What you should do — Search the material below for the word "between". Copy every line that has it.

Data for the task —

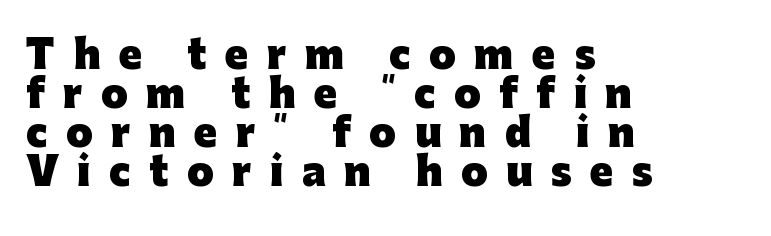
Q: Is the text bold? A: Yes.
Q: Is the text italic (slanted)? A: No, it is upright.
Q: Is the typeface a serif or a sans-serif typeface? A: Sans-serif.
Q: Is the text underlined? A: No.
Q: How is the paragraph aligned? A: Left-aligned.
Q: Is the spacing between letters normal or unusually wide? A: Unusually wide.
Q: Is the spacing between lines tight, normal or loose? A: Tight.
Q: Width (condensed, normal, or wide)? A: Normal.
Q: Stroke contrast? A: Low.
Q: x-height? A: Medium.
Q: Monospaced? A: No.

Completed task —
Q: Is the spacing between letters normal or unusually wide? A: Unusually wide.
Q: Is the spacing between lines tight, normal or loose? A: Tight.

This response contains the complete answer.